Go listen to yourself for once, perhaps – and NO – not that annoying voice in your head that keeps distracting you about your own shortcomings etc. Comprende?
Still munching on that bag of dicks I see
I don’t eat processed foods either, bro. Thanks, bro.
Im not your fukn “bro” never will be . I do not need or want people like you in my life.You are as they say a negative creep
sorry, bro
Come on out from behind your keyboard.
I don’t own a keyboard
they’re and OK band, but nah wouldn’t bother listening to them now. *(or then) – not sure why NZ funded that doco on SHihad either, ugh sick of their horrible rugbyhead/powerchord rock music before Y2K
Thanks for your biased input Julian. You’re well known for being an angry little man with a chip on your shoulder.
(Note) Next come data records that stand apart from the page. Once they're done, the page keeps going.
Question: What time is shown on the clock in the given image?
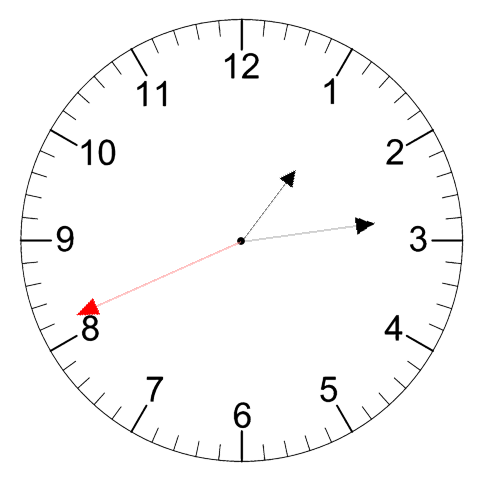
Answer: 01:13:41
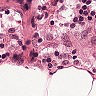
Metastatic tissue present: no
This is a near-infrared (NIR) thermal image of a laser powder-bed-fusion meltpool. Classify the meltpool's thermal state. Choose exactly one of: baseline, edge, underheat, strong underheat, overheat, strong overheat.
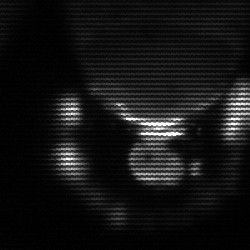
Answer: baseline
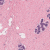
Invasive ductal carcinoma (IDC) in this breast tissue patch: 0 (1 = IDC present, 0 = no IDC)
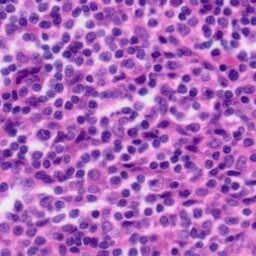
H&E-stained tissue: Tonsil
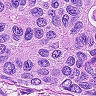
Metastatic tissue present: yes
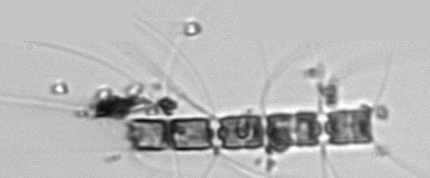
Label: Chaetoceros_didymus
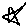
Label: star
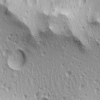
Atmospheric dust classification: not_dusty
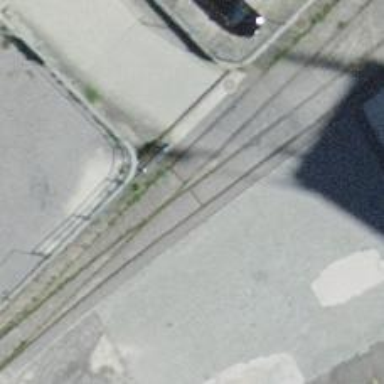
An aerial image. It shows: Railway switch.
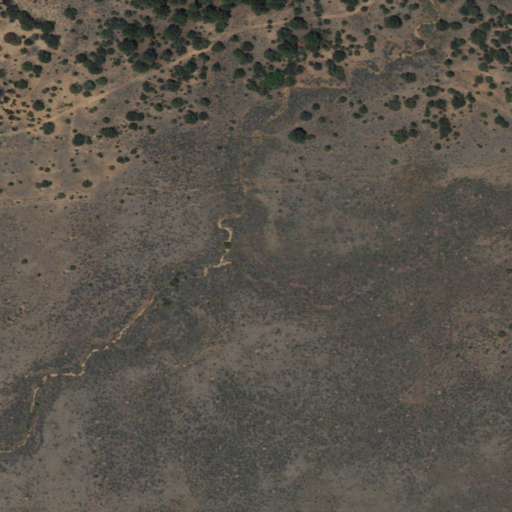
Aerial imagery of valley in New Mexico named Alamosa Canyon containing shrub and evergreen forest
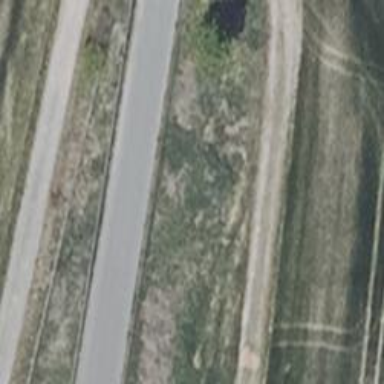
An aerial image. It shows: Unclassified road with embankment.
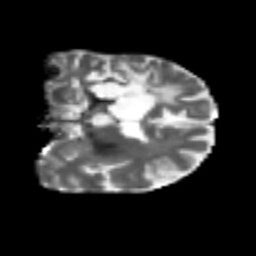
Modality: T2w
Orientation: coronal
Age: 57
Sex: male
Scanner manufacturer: siemens
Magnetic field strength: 3 T
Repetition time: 4.987 s
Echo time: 0.0792 s
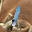
Label: 1
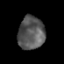
Tissue: prostate
Cell type: T cells
Senescence score: 0.2762
Nuclear area (px): 862
Mean DAPI intensity: 86.95
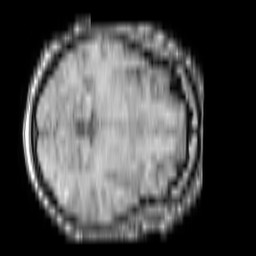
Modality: T1w
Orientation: axial
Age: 60
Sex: male
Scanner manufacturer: philips
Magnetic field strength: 1.5 T
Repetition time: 0.2644 s
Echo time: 0.001886 s
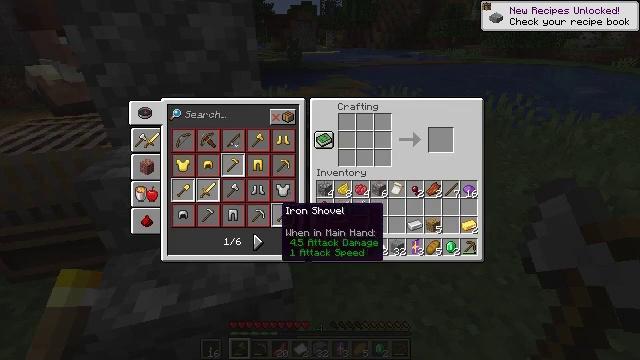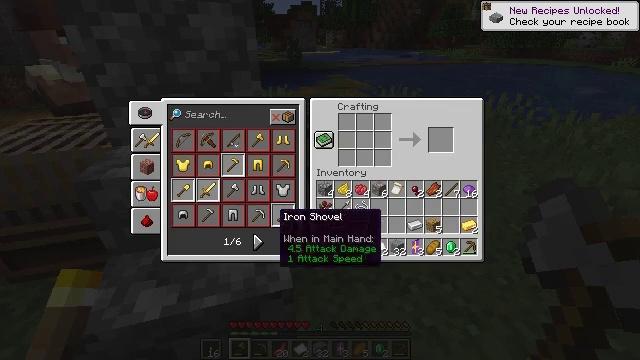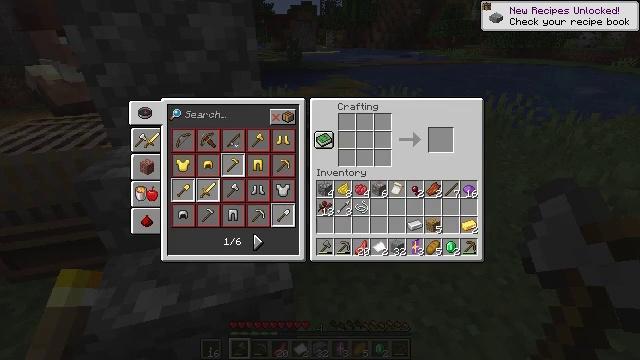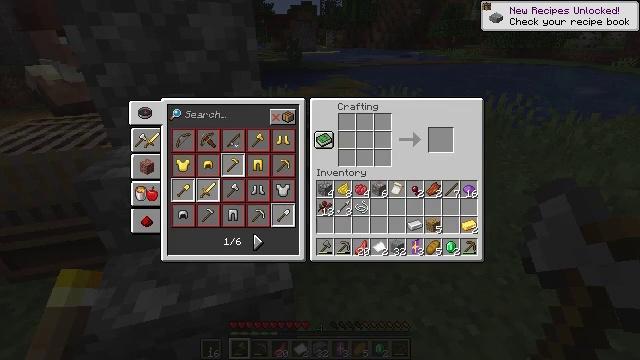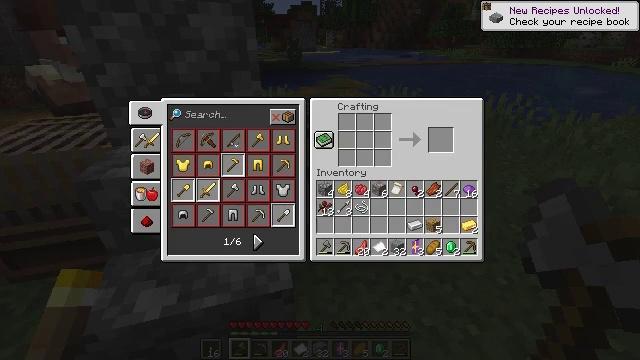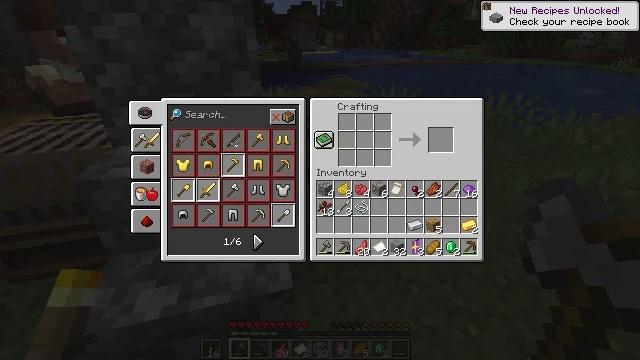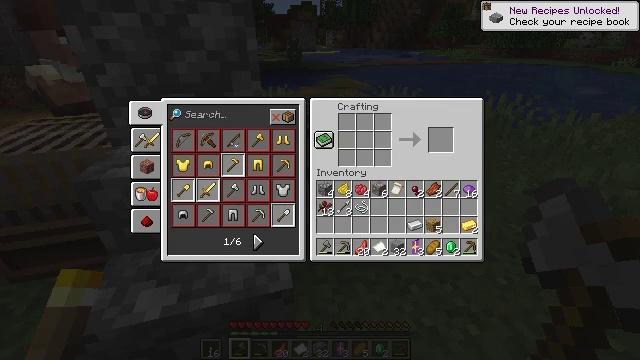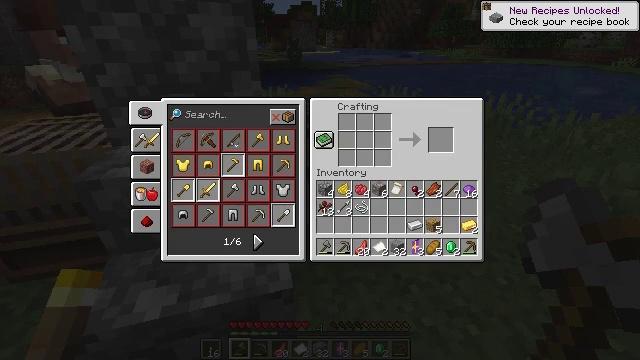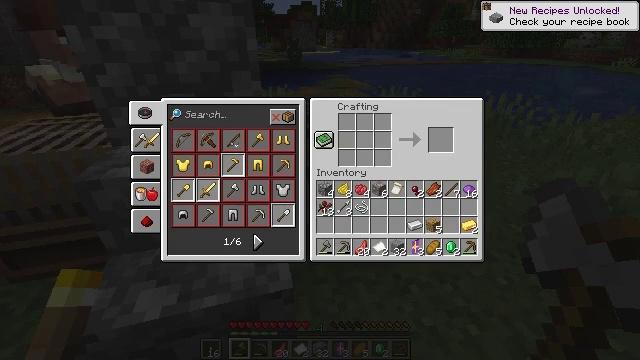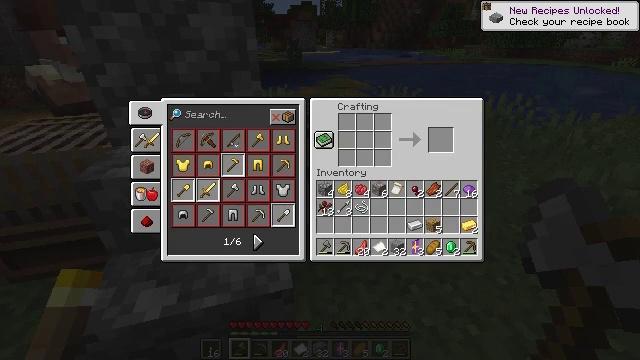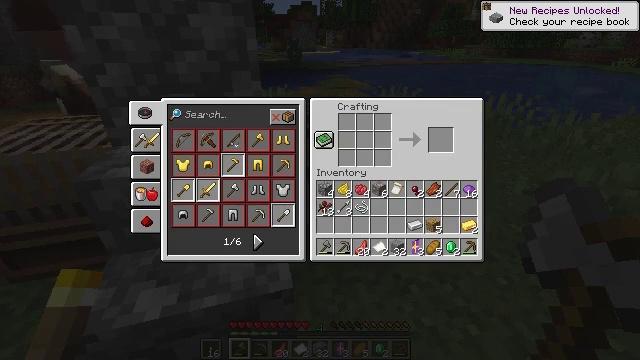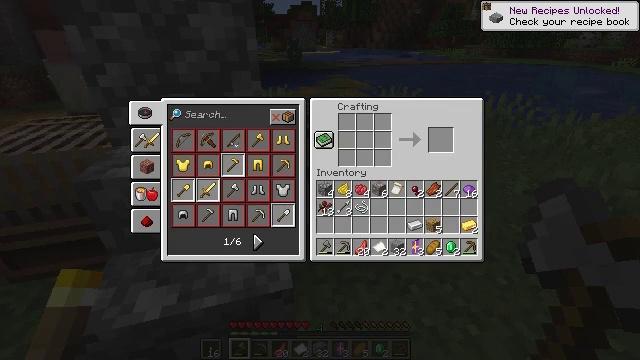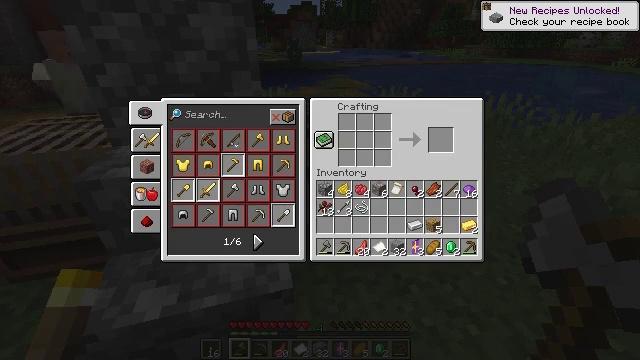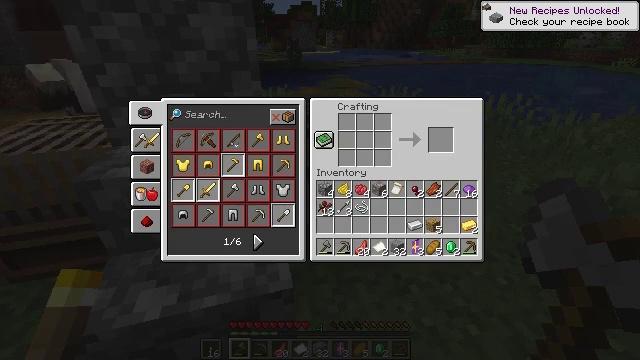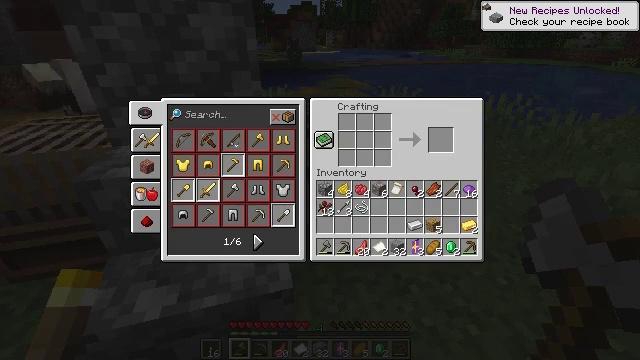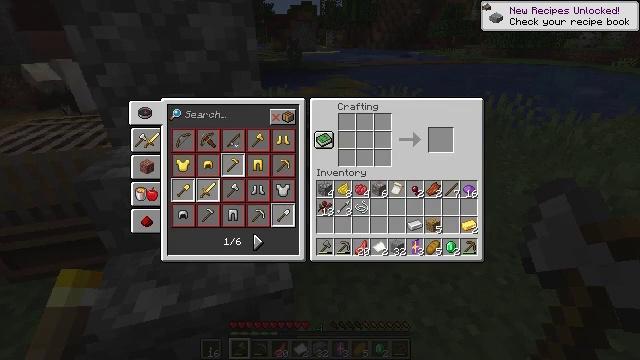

I bet you would’ve grabbed that missing treble and given it a good olde fashioned spit and polish and made it shine like the sun. Hurrah for you!
spitting and polishing was a different issue in the 90’s, to be honest.
Wow. You quite like yourself. Just a bit more than a bit ..
they’re bad – as a metal band, were good, in a teenage sort of way, but as a rock singles band, no – they hate each other and they regret their lives. Have you actually worked with these people? It’s 2017 pal – there’s a doco out there for everyone, I hear.